### What to do
Starting at the top line, print the entries below exactly as they are and skip every picture.

Data excerpts:
########################################
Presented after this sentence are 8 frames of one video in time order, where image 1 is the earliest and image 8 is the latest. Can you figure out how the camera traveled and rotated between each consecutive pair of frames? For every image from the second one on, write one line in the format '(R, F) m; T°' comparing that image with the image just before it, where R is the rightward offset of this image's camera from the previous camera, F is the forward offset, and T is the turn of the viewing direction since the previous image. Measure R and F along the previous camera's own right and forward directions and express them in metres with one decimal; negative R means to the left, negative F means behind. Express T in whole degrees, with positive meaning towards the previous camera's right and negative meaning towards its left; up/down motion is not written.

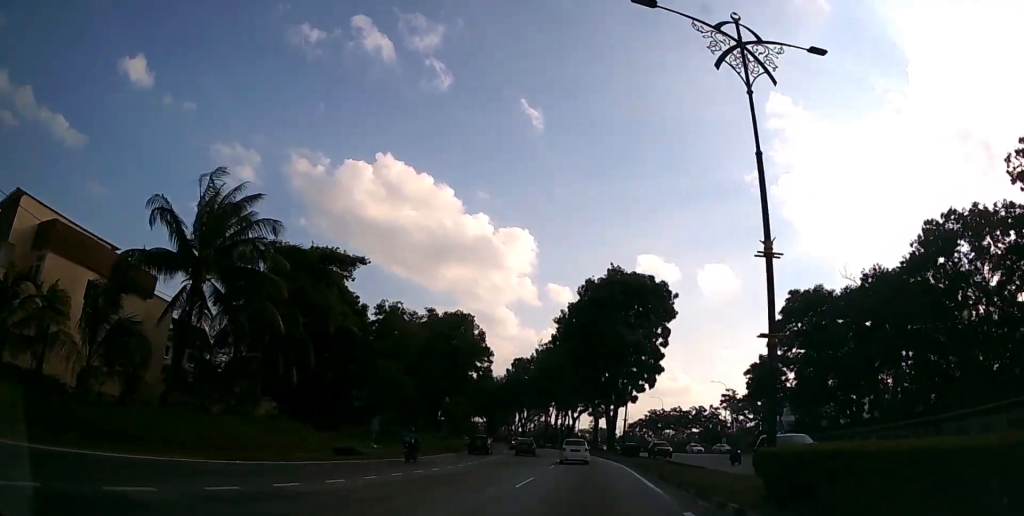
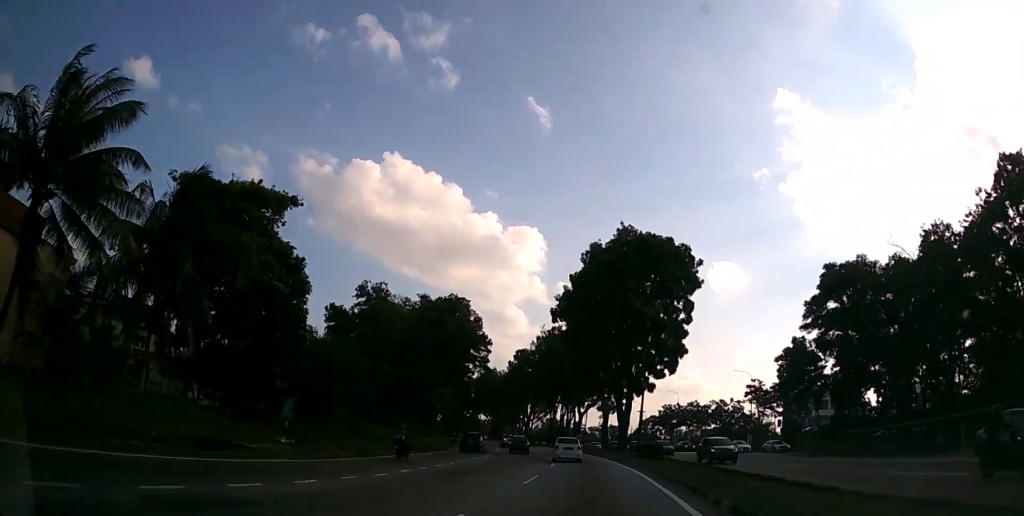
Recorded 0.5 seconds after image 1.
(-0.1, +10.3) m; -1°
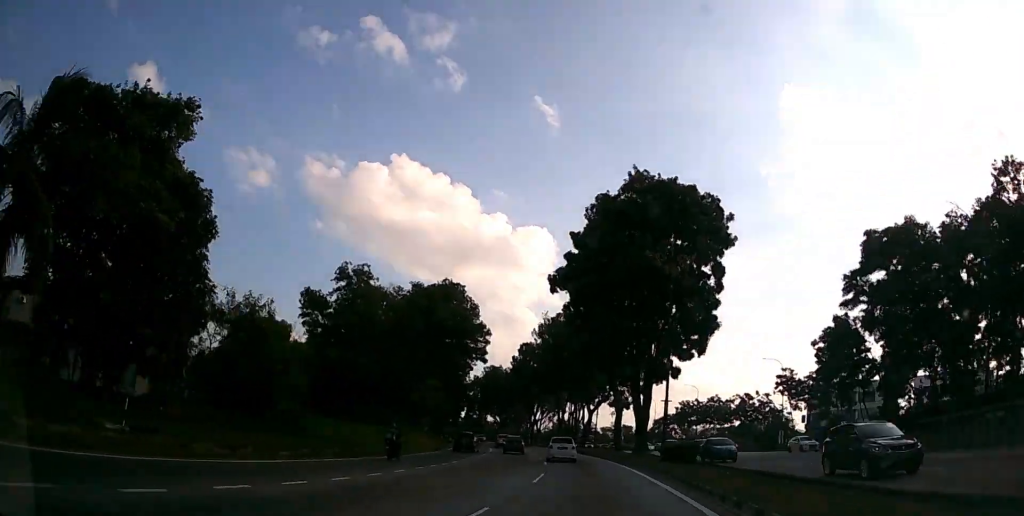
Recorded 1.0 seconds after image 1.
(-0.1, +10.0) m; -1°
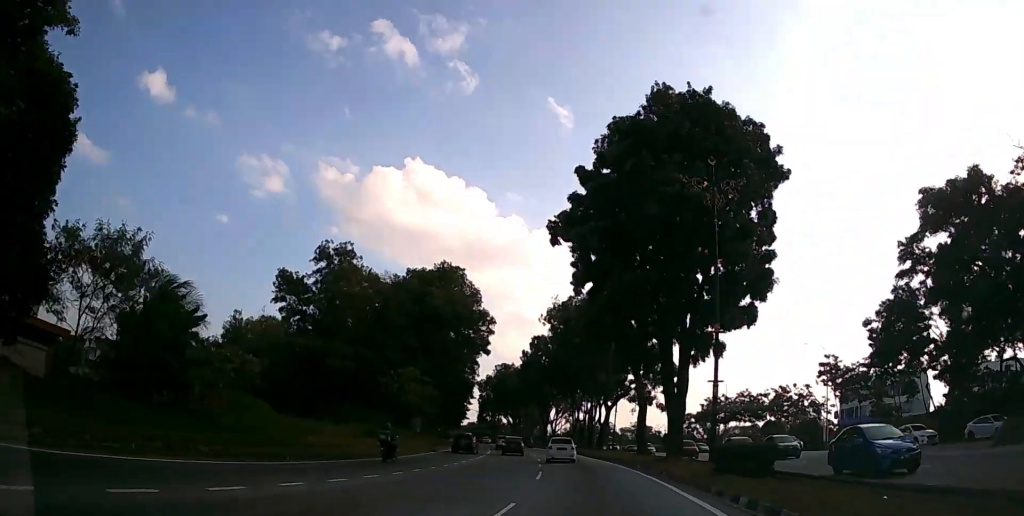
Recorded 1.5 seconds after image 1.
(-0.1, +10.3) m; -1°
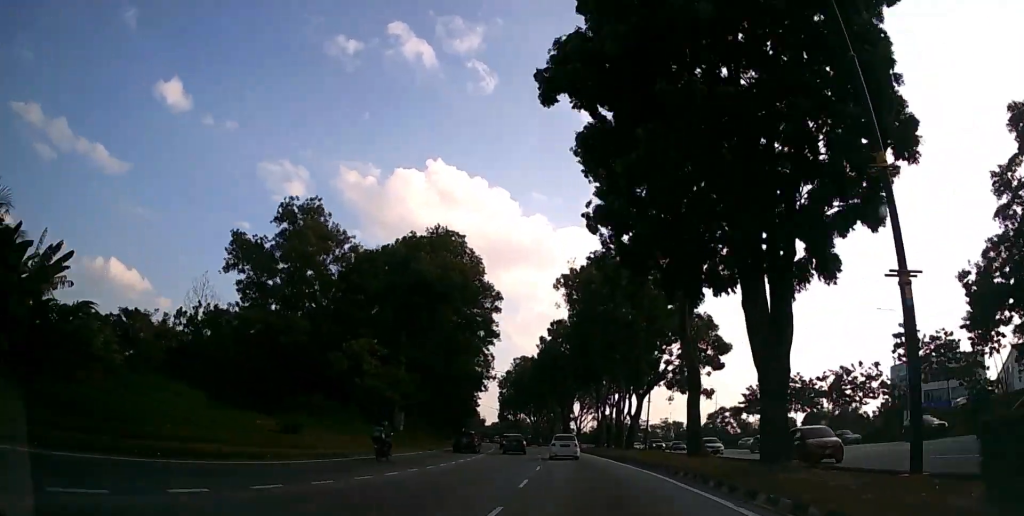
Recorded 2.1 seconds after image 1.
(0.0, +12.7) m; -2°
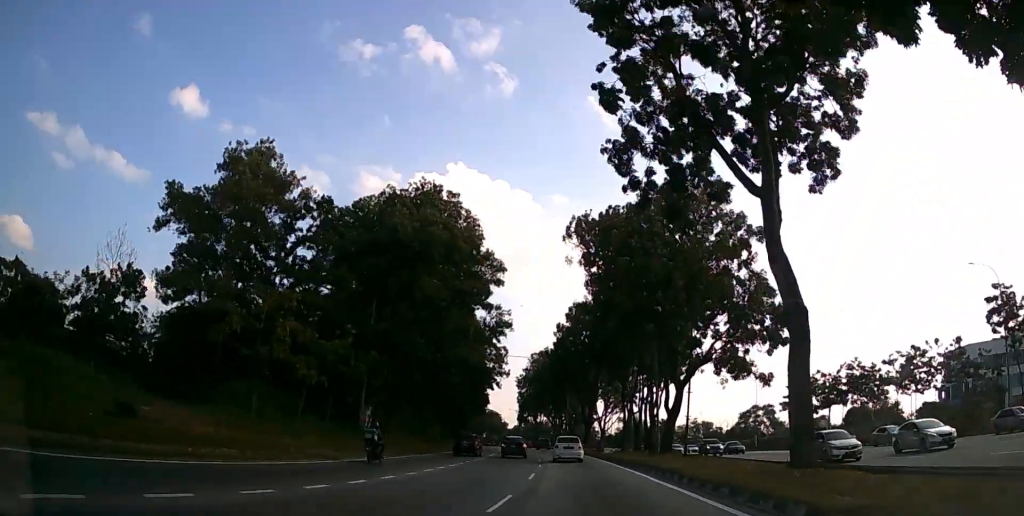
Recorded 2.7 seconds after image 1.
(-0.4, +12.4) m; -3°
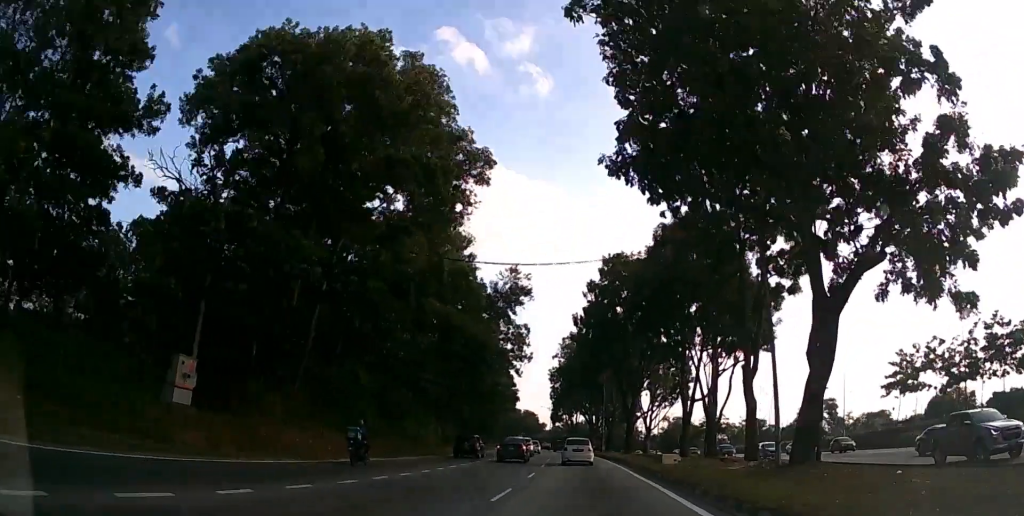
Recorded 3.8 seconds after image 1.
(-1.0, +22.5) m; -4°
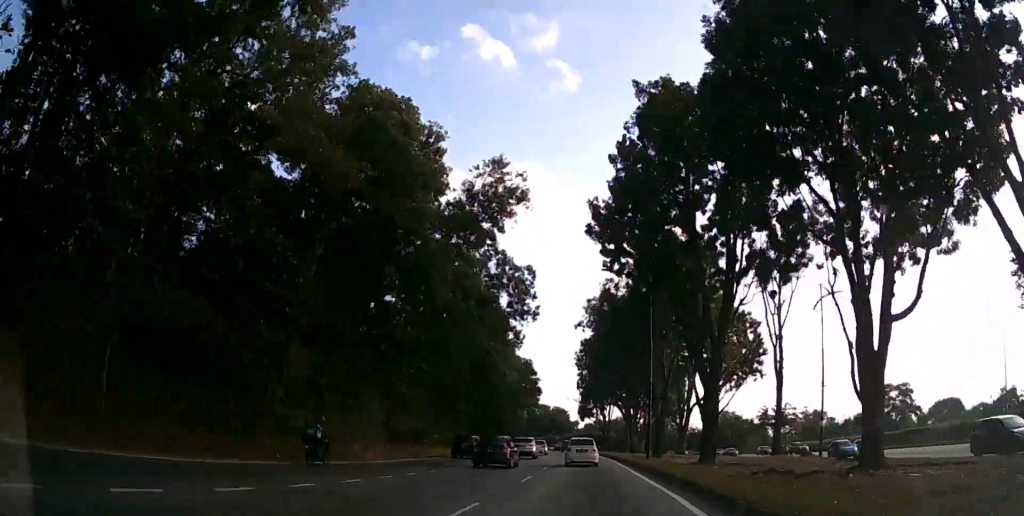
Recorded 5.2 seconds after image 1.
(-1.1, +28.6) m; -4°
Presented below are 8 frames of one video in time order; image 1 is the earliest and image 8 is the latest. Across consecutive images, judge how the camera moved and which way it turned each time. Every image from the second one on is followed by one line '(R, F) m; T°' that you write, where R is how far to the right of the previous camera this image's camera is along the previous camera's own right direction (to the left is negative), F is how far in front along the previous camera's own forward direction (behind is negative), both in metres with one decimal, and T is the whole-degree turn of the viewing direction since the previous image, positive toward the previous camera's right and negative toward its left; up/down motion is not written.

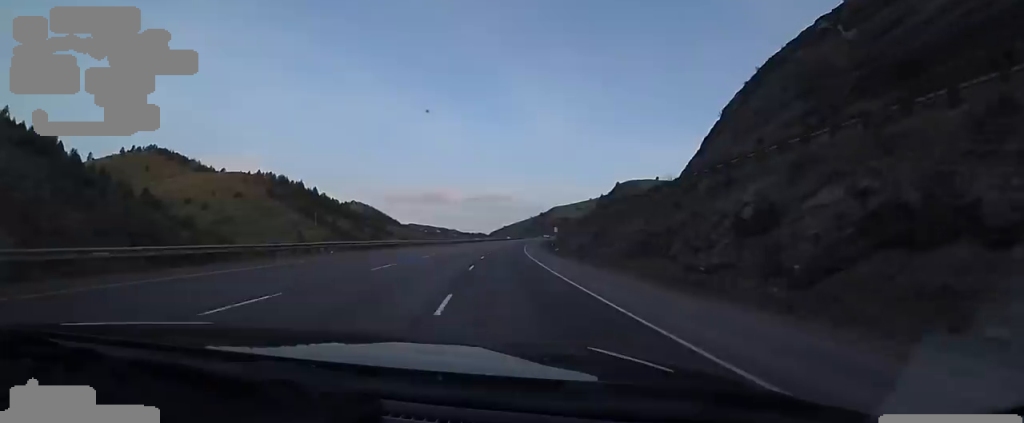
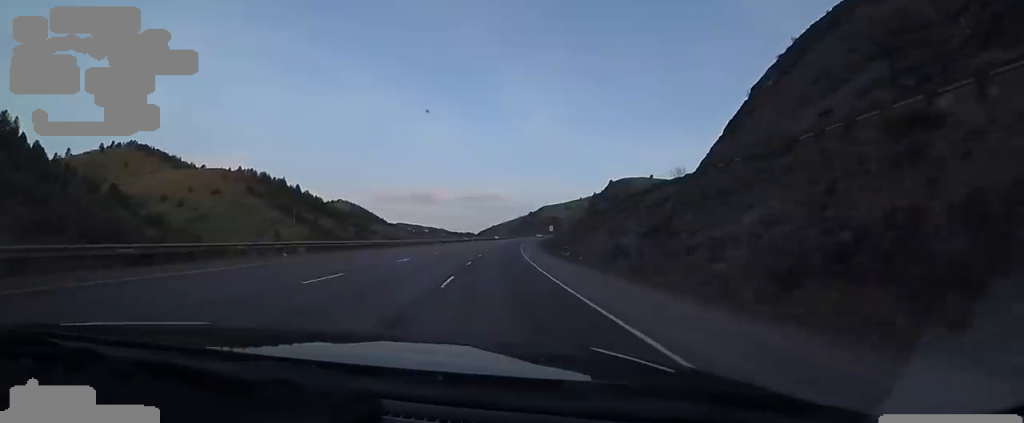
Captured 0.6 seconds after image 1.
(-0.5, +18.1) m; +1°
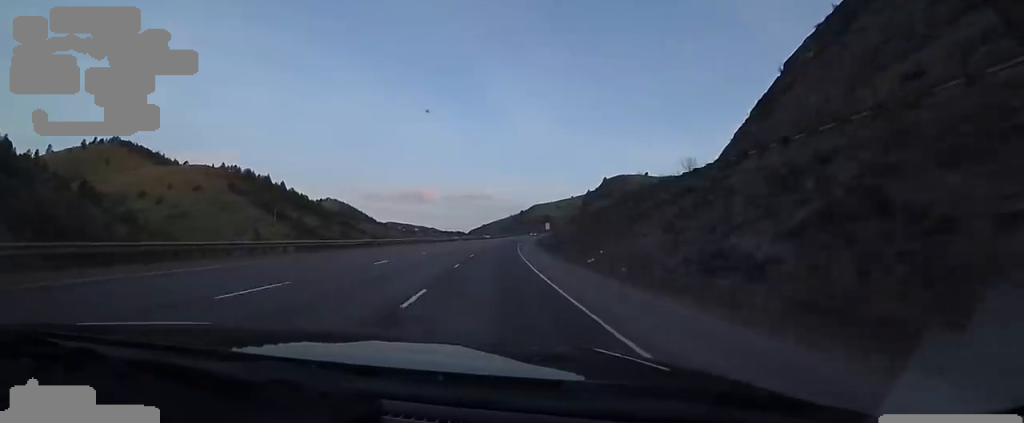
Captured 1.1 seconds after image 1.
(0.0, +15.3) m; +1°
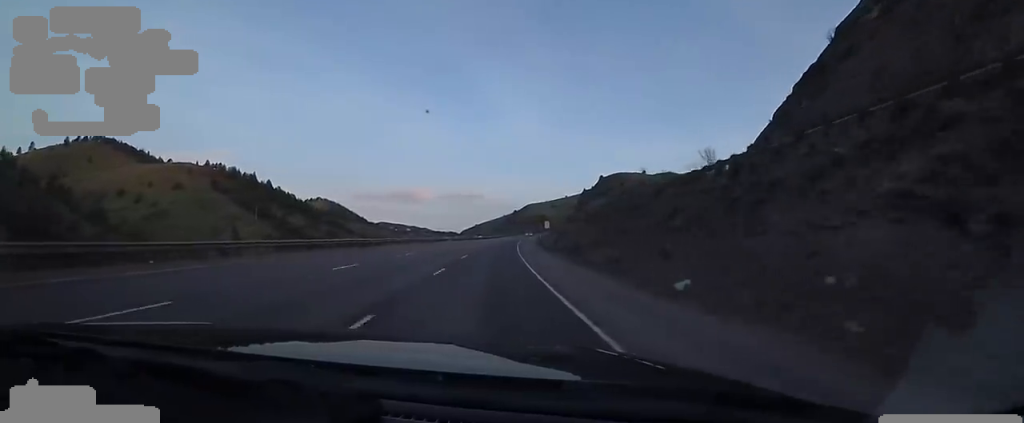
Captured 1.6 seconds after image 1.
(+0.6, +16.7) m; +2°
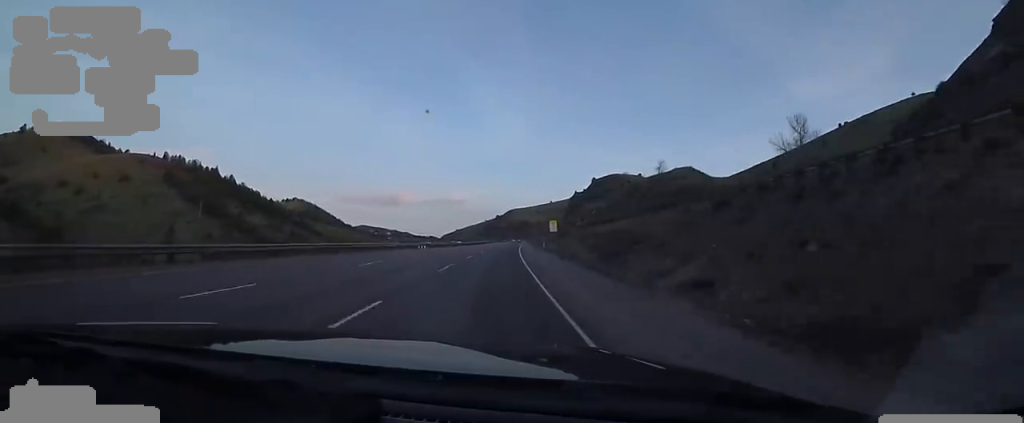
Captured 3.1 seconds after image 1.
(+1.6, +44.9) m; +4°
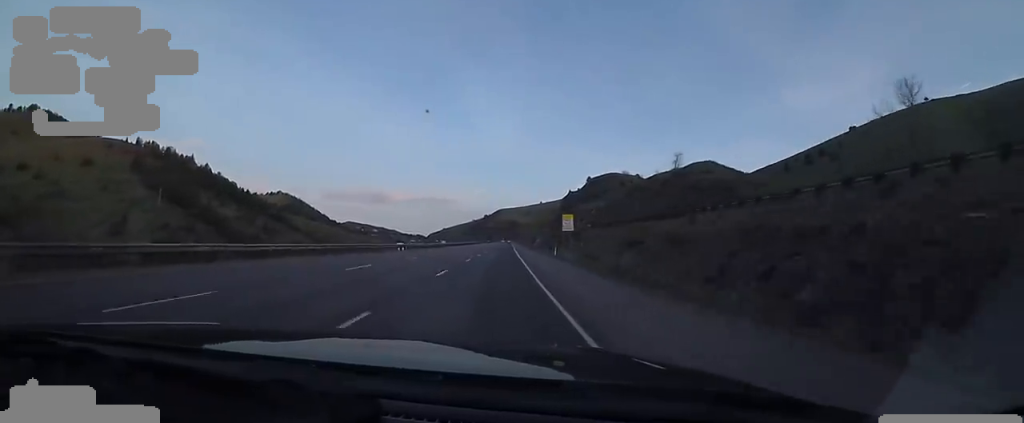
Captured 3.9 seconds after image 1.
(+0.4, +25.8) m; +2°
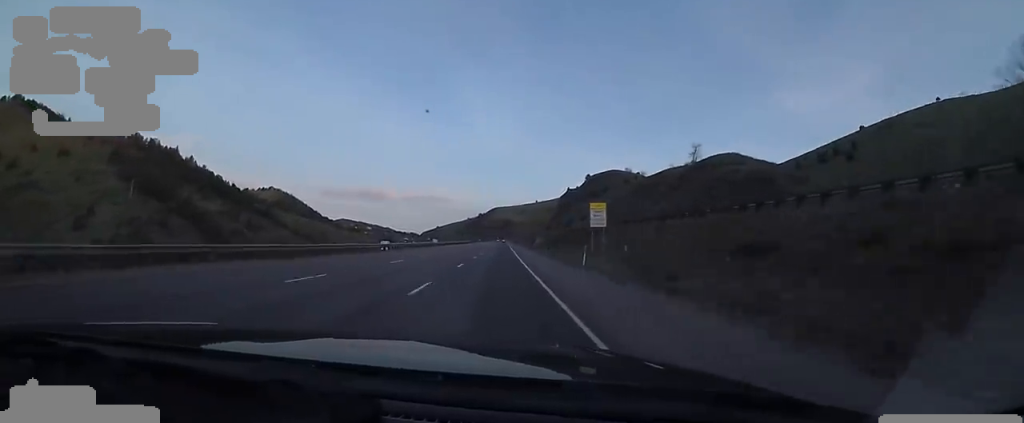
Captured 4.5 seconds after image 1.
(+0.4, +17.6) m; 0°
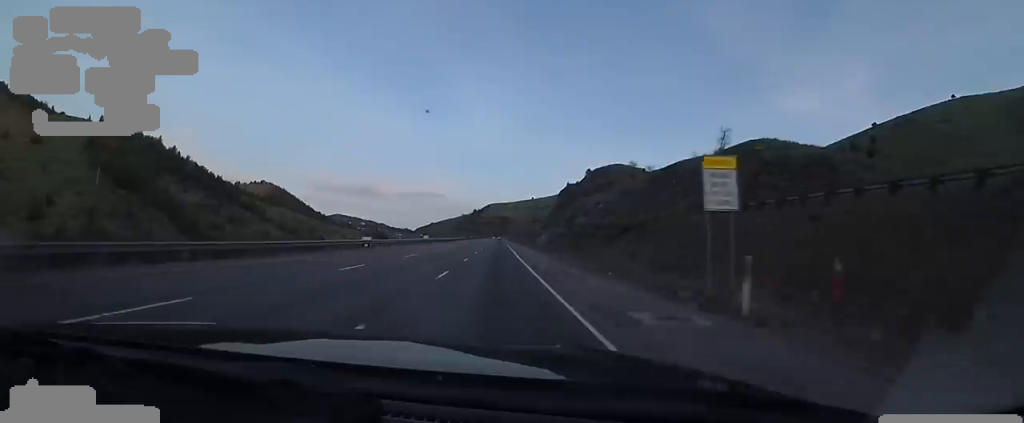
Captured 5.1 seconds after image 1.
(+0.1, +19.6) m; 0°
########################################
### Your solution
Presented after this sentence are 8 frames of one video in time order, where image 1 is the earliest and image 8 is the latest. Can you figure out how the camera traveled and rotated between each consecutive pair of frames? For every image from the second one on, write one line in the format '(R, F) m; T°' comparing that image with the image just before it, where R is the rightward offset of this image's camera from the previous camera, F is the forward offset, and T is the turn of the viewing direction since the previous image. Measure R and F along the previous camera's own right and forward directions and express them in metres with one decimal; negative R means to the left, negative F means behind. Express T in whole degrees, with positive meaning towards the previous camera's right and negative meaning towards its left; up/down motion is not written.

Recorded 0.5 seconds after image 1.
(-0.1, +10.3) m; -1°
Recorded 1.0 seconds after image 1.
(-0.1, +10.0) m; -1°
Recorded 1.5 seconds after image 1.
(-0.1, +10.3) m; -1°
Recorded 2.1 seconds after image 1.
(0.0, +12.7) m; -2°
Recorded 2.7 seconds after image 1.
(-0.4, +12.4) m; -3°
Recorded 3.8 seconds after image 1.
(-1.0, +22.5) m; -4°
Recorded 5.2 seconds after image 1.
(-1.1, +28.6) m; -4°
Presented below are 8 frames of one video in time order; image 1 is the earliest and image 8 is the latest. Across consecutive images, judge how the camera moved and which way it turned each time. Every image from the second one on is followed by one line '(R, F) m; T°' that you write, where R is how far to the right of the previous camera this image's camera is along the previous camera's own right direction (to the left is negative), F is how far in front along the previous camera's own forward direction (behind is negative), both in metres with one decimal, and T is the whole-degree turn of the viewing direction since the previous image, positive toward the previous camera's right and negative toward its left; up/down motion is not written.

Captured 0.6 seconds after image 1.
(-0.5, +18.1) m; +1°
Captured 1.1 seconds after image 1.
(0.0, +15.3) m; +1°
Captured 1.6 seconds after image 1.
(+0.6, +16.7) m; +2°
Captured 3.1 seconds after image 1.
(+1.6, +44.9) m; +4°
Captured 3.9 seconds after image 1.
(+0.4, +25.8) m; +2°
Captured 4.5 seconds after image 1.
(+0.4, +17.6) m; 0°
Captured 5.1 seconds after image 1.
(+0.1, +19.6) m; 0°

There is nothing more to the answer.